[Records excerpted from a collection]

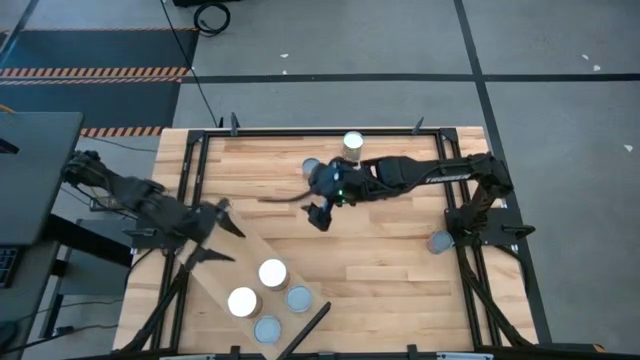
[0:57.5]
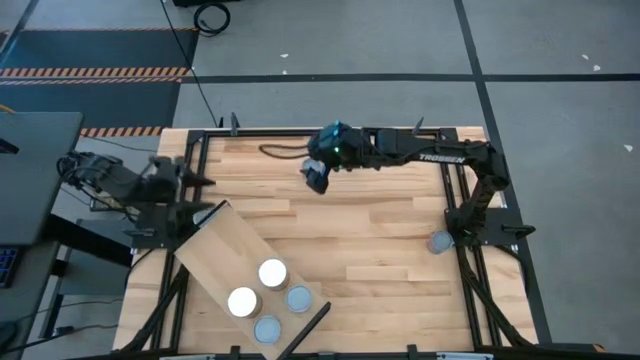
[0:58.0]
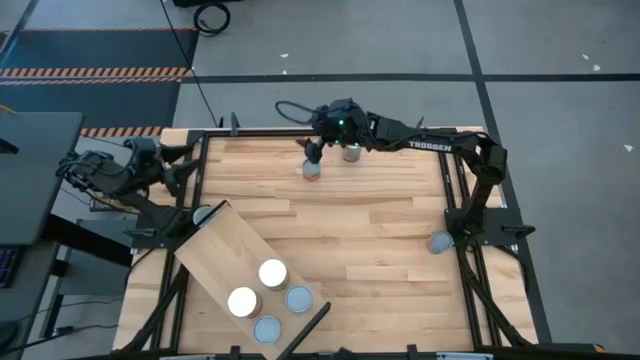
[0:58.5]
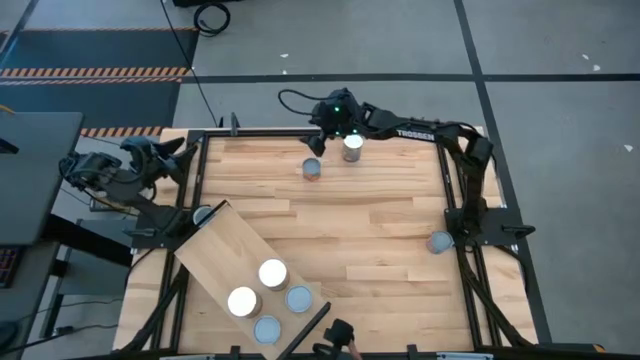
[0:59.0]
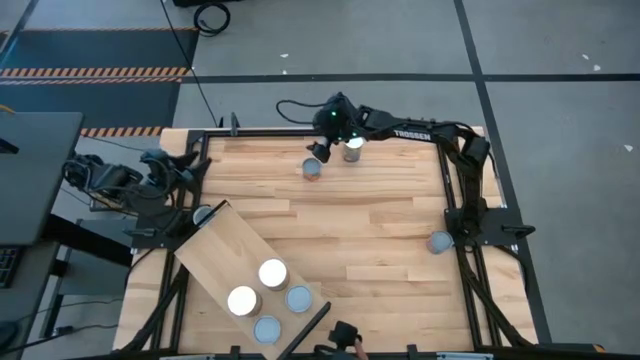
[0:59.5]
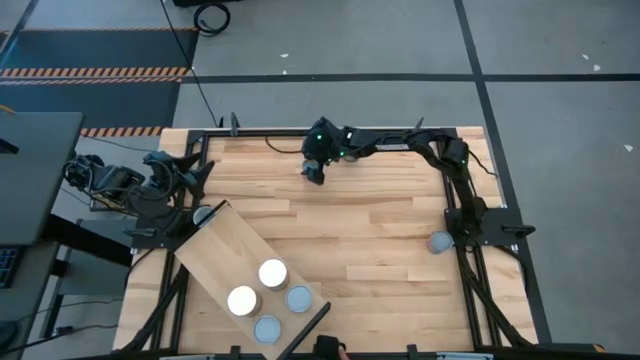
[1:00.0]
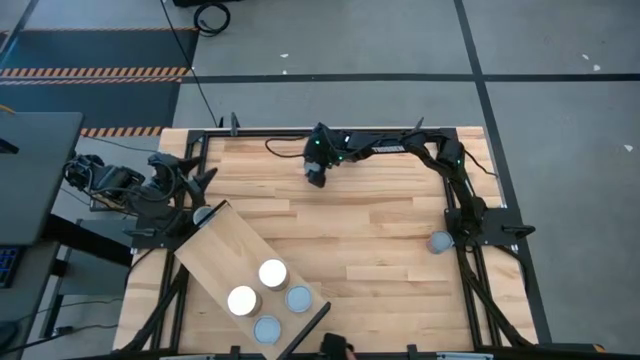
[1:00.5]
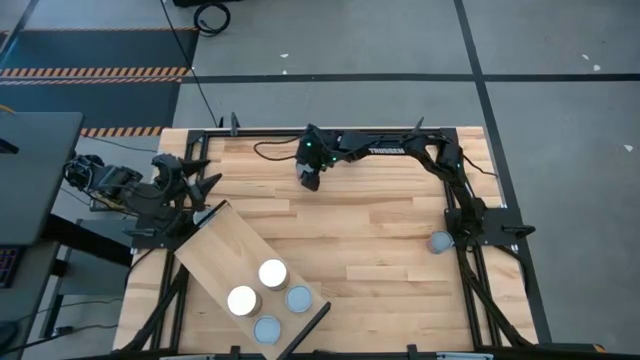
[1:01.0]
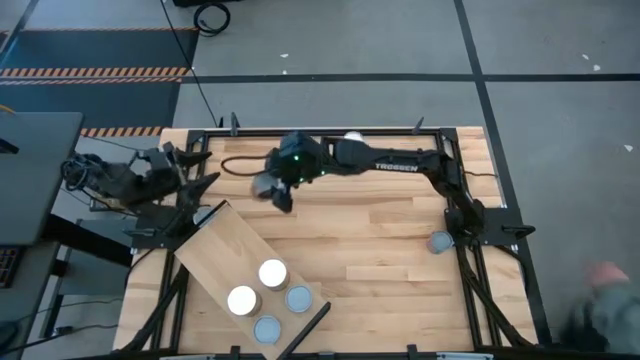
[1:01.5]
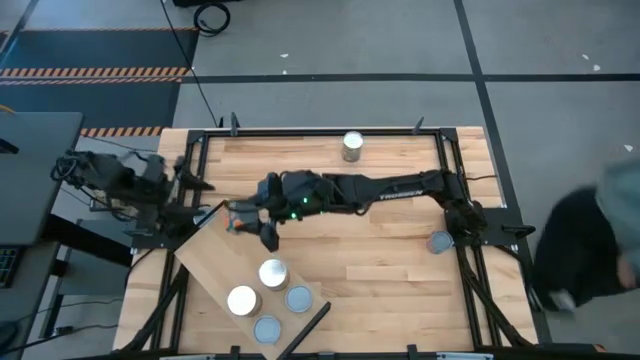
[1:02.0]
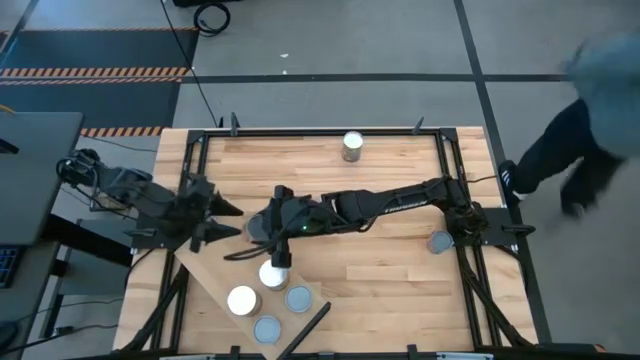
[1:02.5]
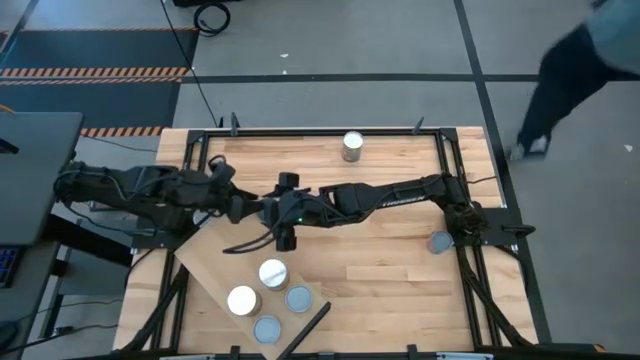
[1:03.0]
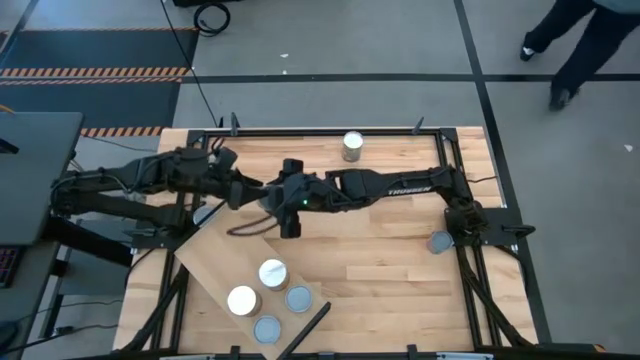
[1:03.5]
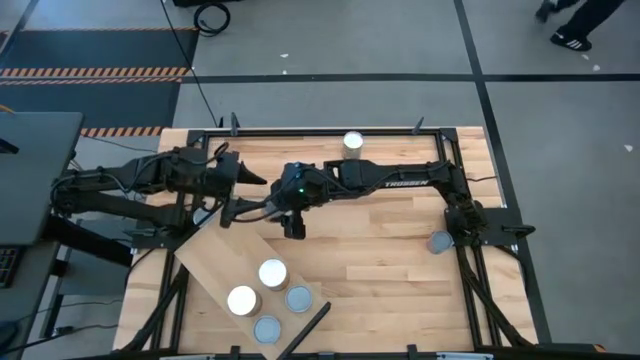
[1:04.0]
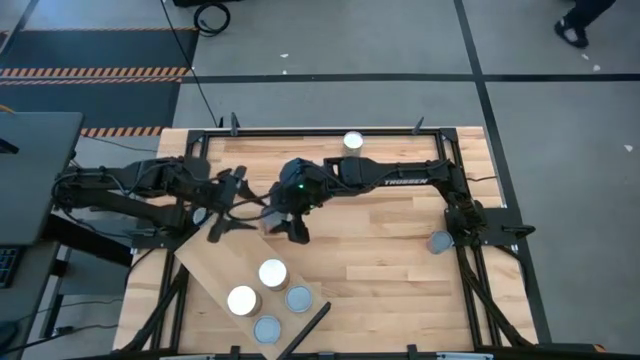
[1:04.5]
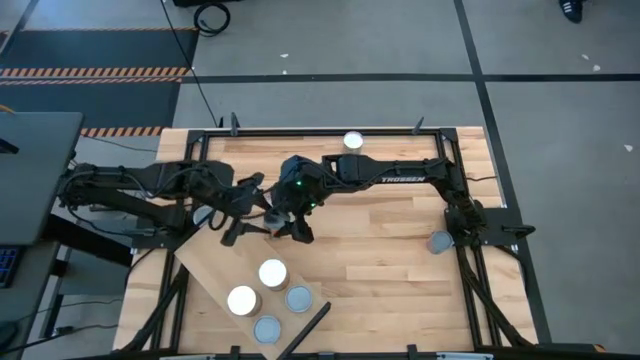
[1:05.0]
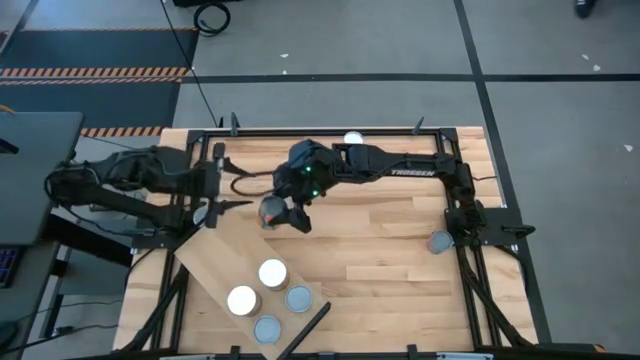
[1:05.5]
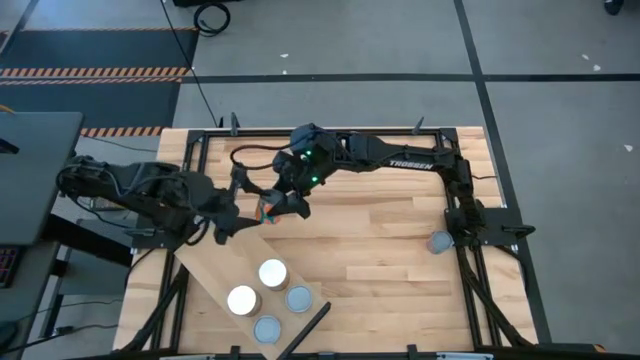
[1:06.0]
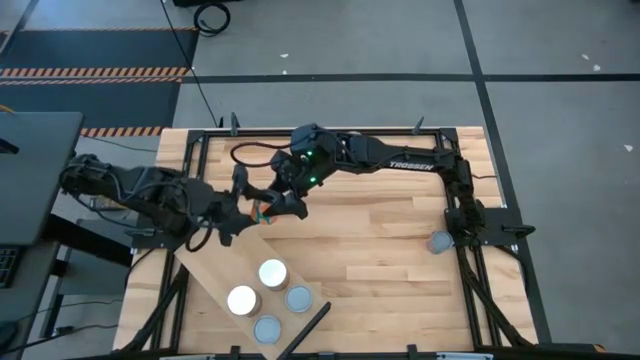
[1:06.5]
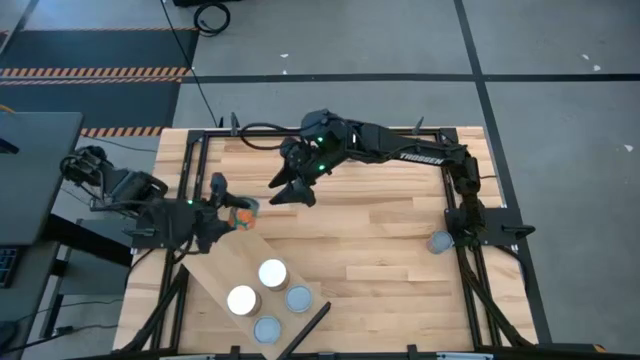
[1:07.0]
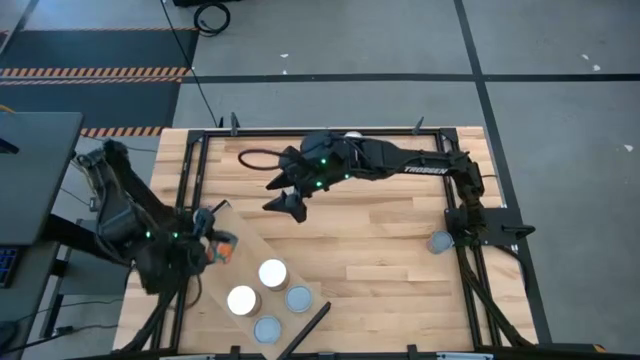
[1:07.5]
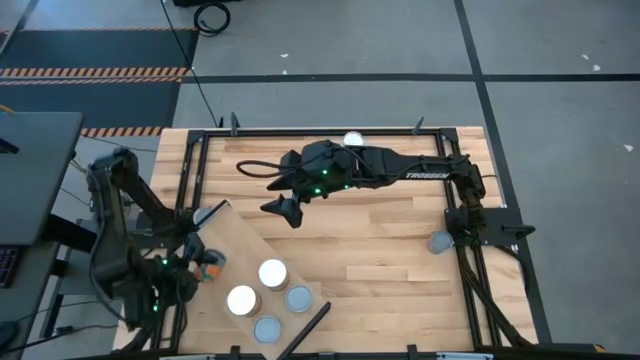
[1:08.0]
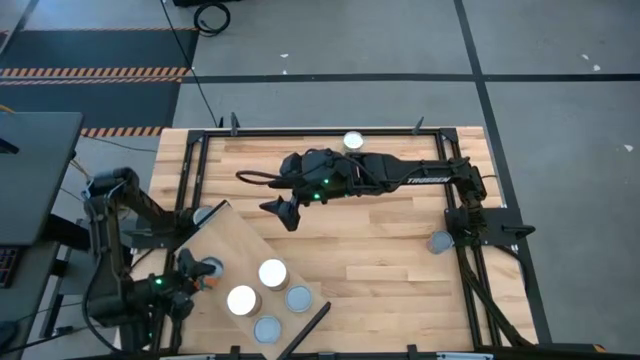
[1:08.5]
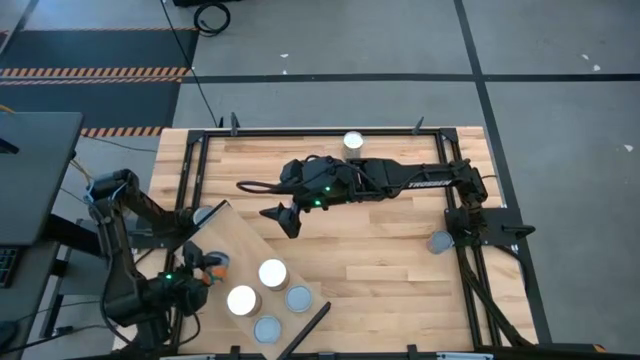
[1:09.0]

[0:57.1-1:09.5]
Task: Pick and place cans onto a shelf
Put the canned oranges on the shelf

→ WHAT YOU HAVE TO DO: All of the records above should be reproduced exactly, with the pictures left out.

→ EXERCISE RESULT:
[0:57.5]
[0:58.0]
[0:58.5]
[0:59.0]
[0:59.5]
[1:00.0]
[1:00.5]
[1:01.0]
[1:01.5]
[1:02.0]
[1:02.5]
[1:03.0]
[1:03.5]
[1:04.0]
[1:04.5]
[1:05.0]
[1:05.5]
[1:06.0]
[1:06.5]
[1:07.0]
[1:07.5]
[1:08.0]
[1:08.5]
[1:09.0]

[0:57.1-1:09.5]
Task: Pick and place cans onto a shelf
Put the canned oranges on the shelf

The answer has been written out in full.